Impacts of Assimilating Vertical Velocity, Latent Heating, or Hydrometeor Water Contents Retrieved from a Single Reflectivity Dataset

Data assimilation in cloudy condition has been challenging due to significant errors coming from unknown cloud properties. Nevertheless, use of cloud-affected data has become popular especially in the hurricane forecast as it contains valuable information. In addition to direct assimilation of all-sky satellite radiances, assimilation of retrieved cloud data is also a valuable option.

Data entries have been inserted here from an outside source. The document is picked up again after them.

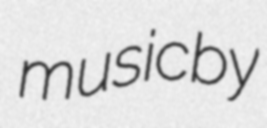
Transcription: music by
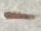
Text: -
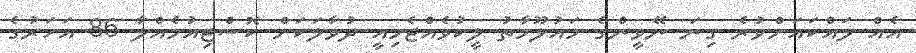
އެއް ލައްކައަށްވުރެ ގިނަ ނޭވީންގެ މައުލޫމާތު ލީކުވެއްޖެމިއީ ދުވާލަކަށް ކޮސްޓިއުމެއްލާ 86 އަހަރުގެ
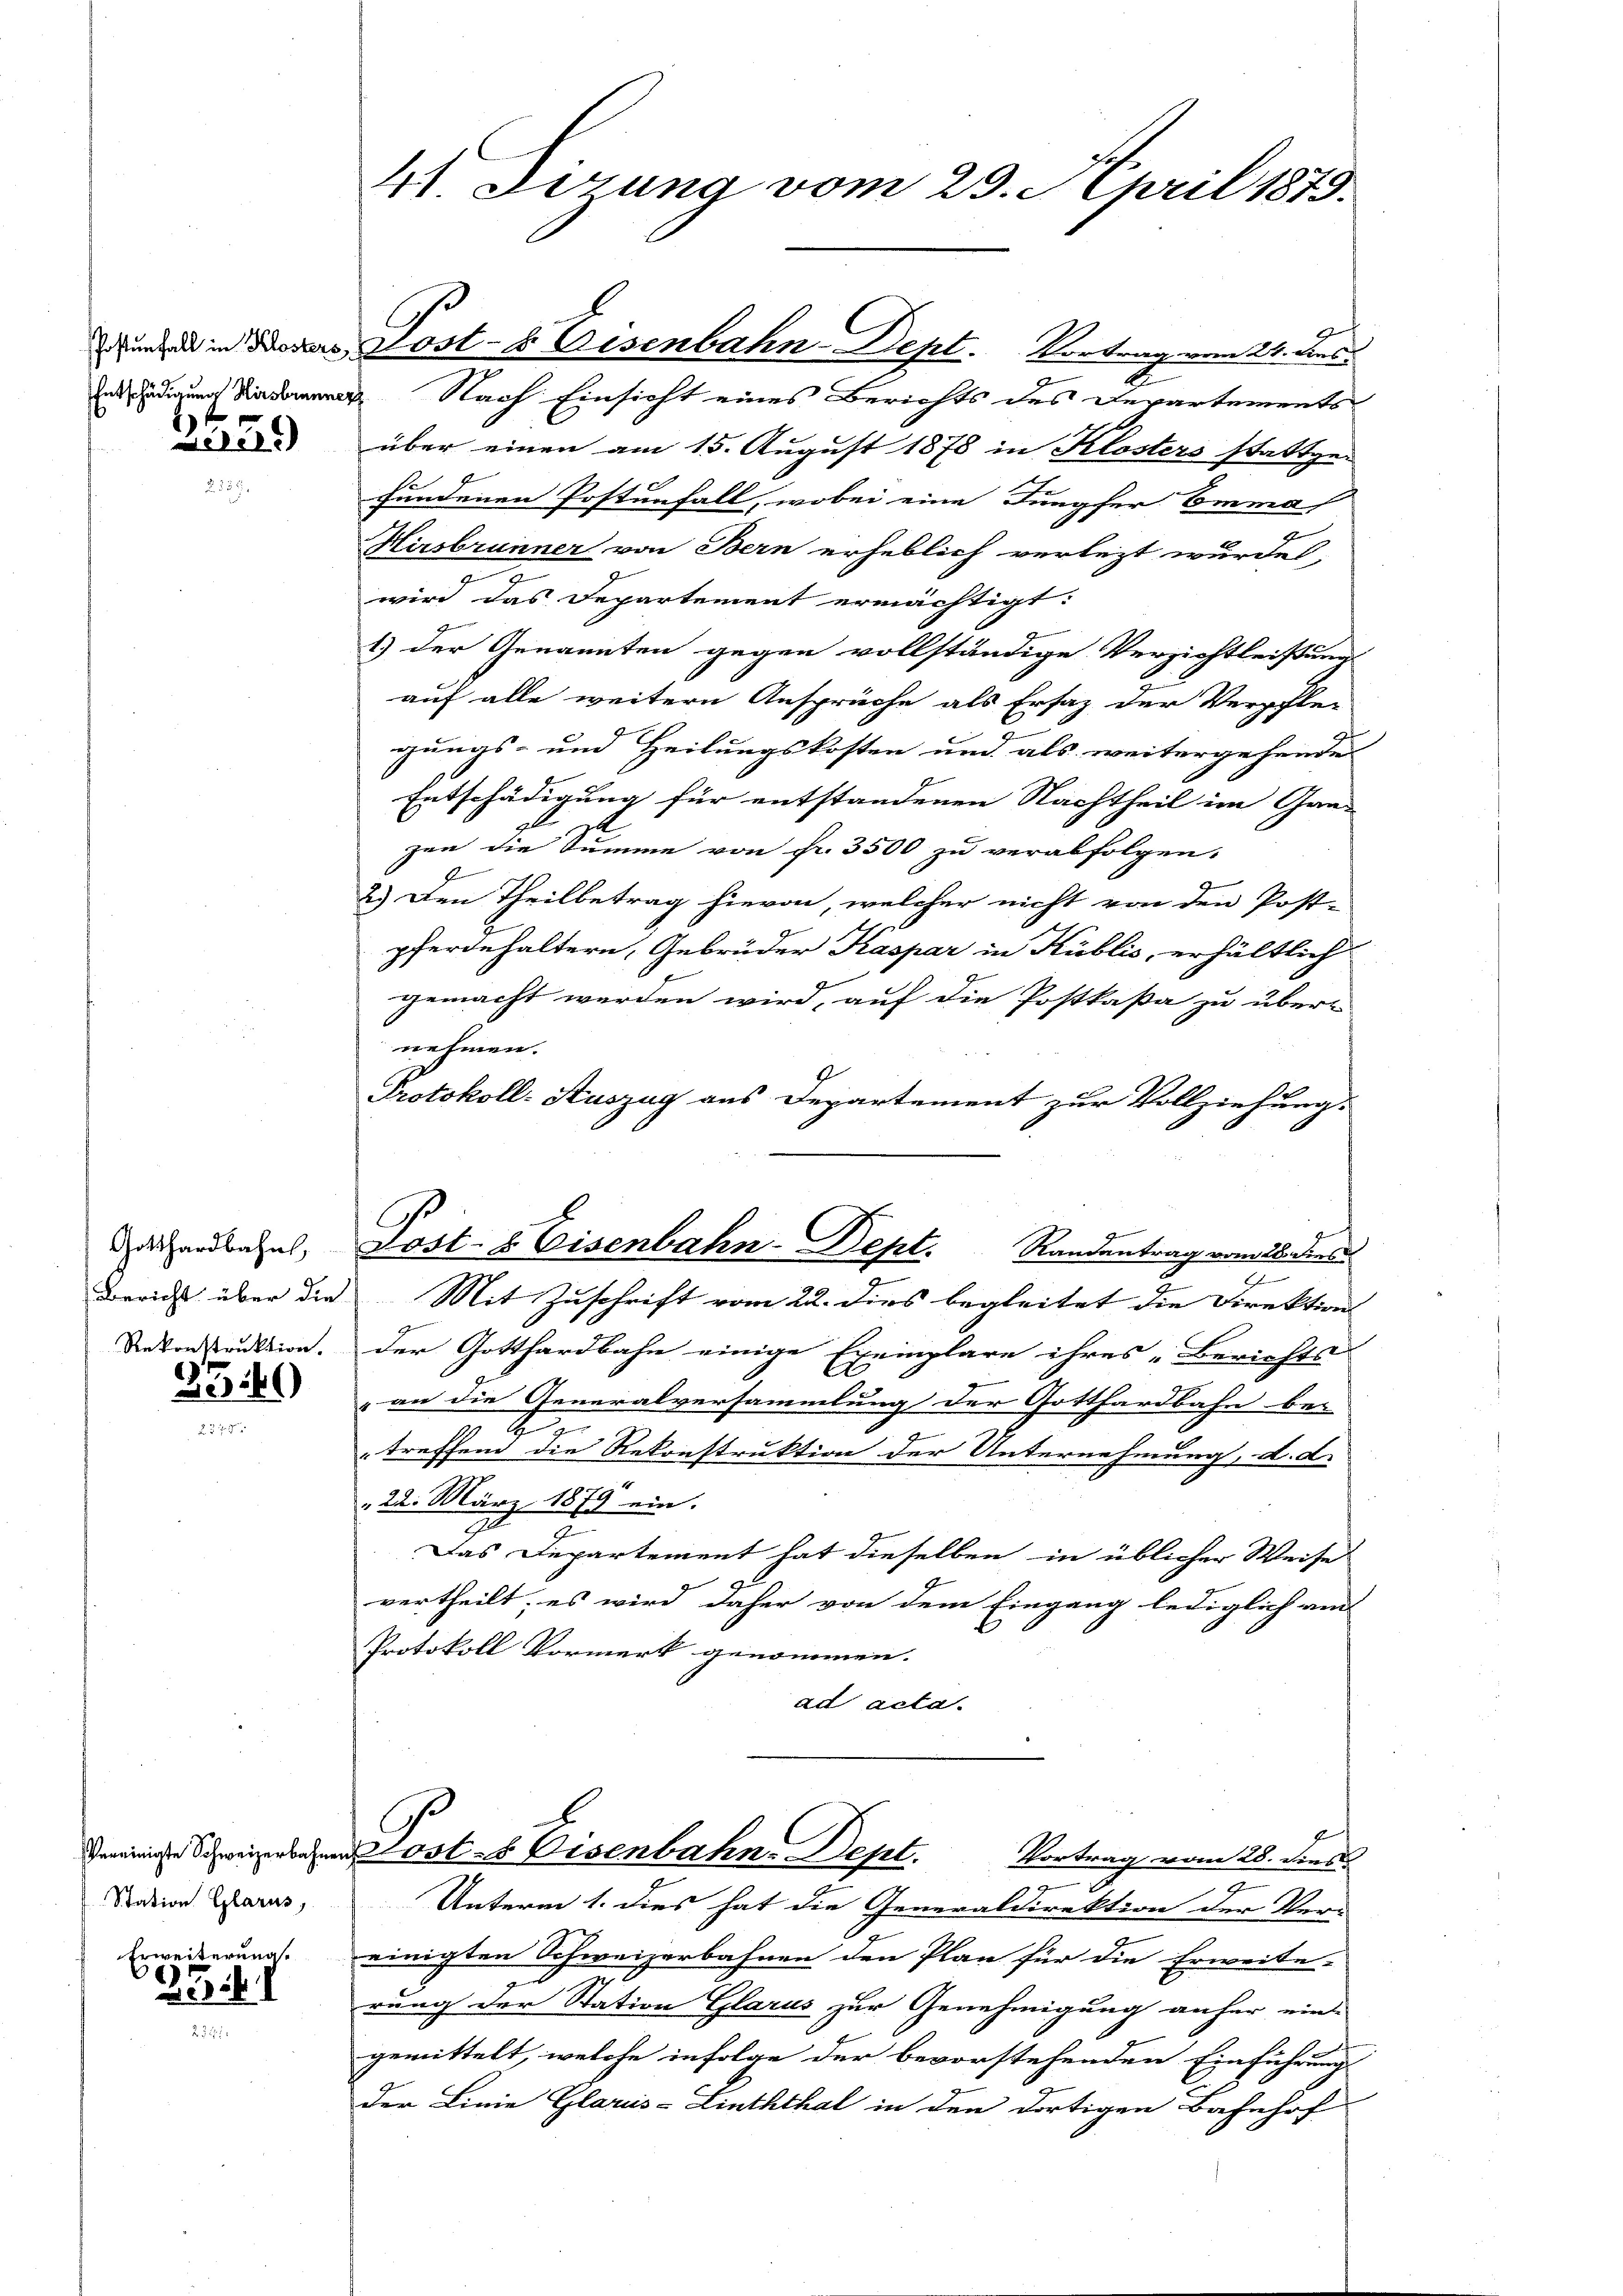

In this study we focus on assimilating retrieved cloud products that are directly related to precipitation and dynamical variables controlling the precipitation process. A retrieval algorithm that produces vertical profiles of three variables including hydrometeor water contents, latent heating, and vertical velocities from the same reflectivity profile has been developed. The retrieval algorithm uses a Bayesian approach with a-priori information derived from the same forecast that is consistent with model physics. Each of the three retrieved variables is assimilated in the data assimilation system using a flow dependent forecast error covariance matrix and their results are compared to examine the respective impact of each variable in the assimilation system.

The three assimilation experiments were conducted for two hurricane cases captured by the Global Precipitation Measurement (GPM) satellite: Hurricane Pali and Hurricane Jimena. Analyses from these two hurricane cases suggest that assimilating latent heating and hydrometeor water contents have similar impacts on the assimilation system while vertical velocity has less of a positive impact than the other two variables. Using these analyses as the initial conditions for the forecast model reveals that the assimilation of the three retrieved variables was able to improve the track forecast as well.